Verify the model was downloaded by running docker model ls again.
Step 4: Test Your Model With a Simple Prompt
Run a quick test with:
$ docker model run ai/llama3.2:1B-Q8_0
Create a GenAI Application with Model Runner
Now let’s build a simple web application that uses our model:
Clone the example repository:
git clone https://github.com/dockersamples/genai-app-demo
cd genai-app-demo
Review the key configuration files:
backend.env - Contains environment variables for the API
docker-compose.yml - Defines our application services
Set the required environment variables in backend.env:
BASE_URL=http://model-runner.docker.internal/engines/llama.cpp/v1/
MODEL=ai/llama3.2:1B-Q8_0
API_KEY=${API_KEY:-modelrunner}
Start the application:
docker compose up -d
Access your GenAI application at http://localhost:3000
Try asking questions in the chat interface and watch as your local model processes them!
Step 6: Monitor Performance
- On your Mac, press Command + Spacebar to open Spotlight.
- Type “Activity Monitor” and open it.
- Navigate to the GPU tab.
- Watch the GPU activity spike when you send prompts to your model.
Step 7: Experiment with TCP Connection Method
For applications that need to connect outside of Docker:
- Go back to Docker Desktop Settings.
- Ensure “Enable host-side TCP support” is checked under Model Runner.
- Note the port number (default is 12434).

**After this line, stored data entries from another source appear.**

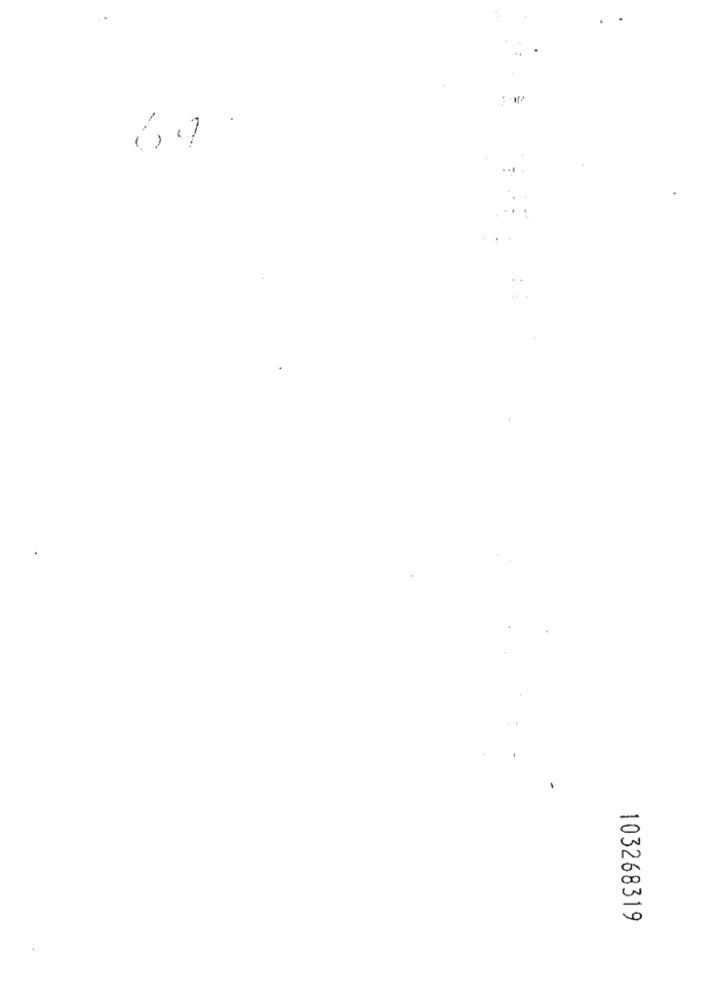
103268319
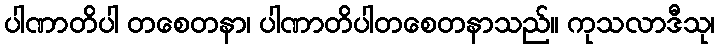
ပါဏာတိပါ တစေတနာ၊ ပါဏာတိပါတစေတနာသည်။ ကုသလာဒီသု၊
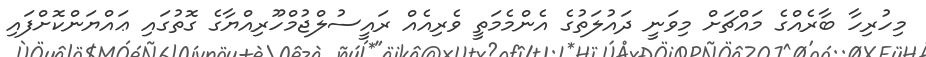
މިހުރިހާ ބާރެއްގެ މައްޗަށް މިވަނީ ދައުލަތުގެ އެންމެމަތީ ވެރިއެއް ރައީސުލްޖުމްހޫރިއްޔާގެ ގޮތުގައި ޢައްޔަންކޮށްފައި
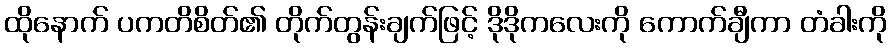
ထိုနောက် ပကတိစိတ်၏ တိုက်တွန်းချက်ဖြင့် ဒိုဒိုကလေးကို ကောက်ချီကာ တံခါးကို
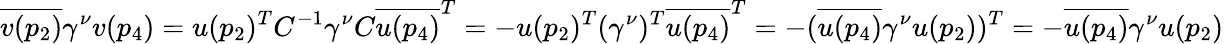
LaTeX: \overline{{v(p_{2})}}\gamma^{\nu}v(p_{4})=u(p_{2})^{T}C^{-1}\gamma^{\nu}C\overline{{u(p_{4})}}^{T}=-u(p_{2})^{T}(\gamma^{\nu})^{T}\overline{{u(p_{4})}}^{T}=-(\overline{{u(p_{4})}}\gamma^{\nu}u(p_{2}))^{T}=-\overline{{u(p_{4})}}\gamma^{\nu}u(p_{2})
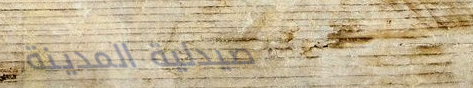
صيدلية المدينة
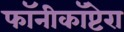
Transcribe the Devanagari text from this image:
फॉनीकॉप्टेरा
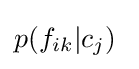
p(f_{ik}|c_{j})\
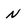
Character: N
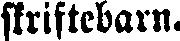
skriftebarn.
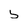
Character: 5

- Update your backend.env to use this connection method:
BASE_URL=http://host.docker.internal:12434/engines/llama.cpp/v1/
MODEL=ai/llama3.2:1B-Q8_0
API_KEY=${API_KEY:-modelrunner}
Restart your application:
docker compose down
docker compose up -d
- Test the application again at
http://localhost:3000
Step 8: Clean Up When Done
- Stop your application:
docker compose down
Remove the model if you’re done with it:
docker model rm ai/llama3.2:1B-Q8_0
Next Steps
Now that you’ve set up your first GenAI application with Docker Model Runner, you can:
- Try other available models like
ai/gemma3
,ai/mistral
, orai/phi4
Explore the OpenAI-compatible API endpoints for more advanced integration - Build your own frontend or backend that connects to Model Runner
- Check out additional demos from the Docker samples repository
With Docker Model Runner, you’ve brought powerful AI capabilities right into your development workflow without leaving the Docker ecosystem or sending data to external services. Happy building!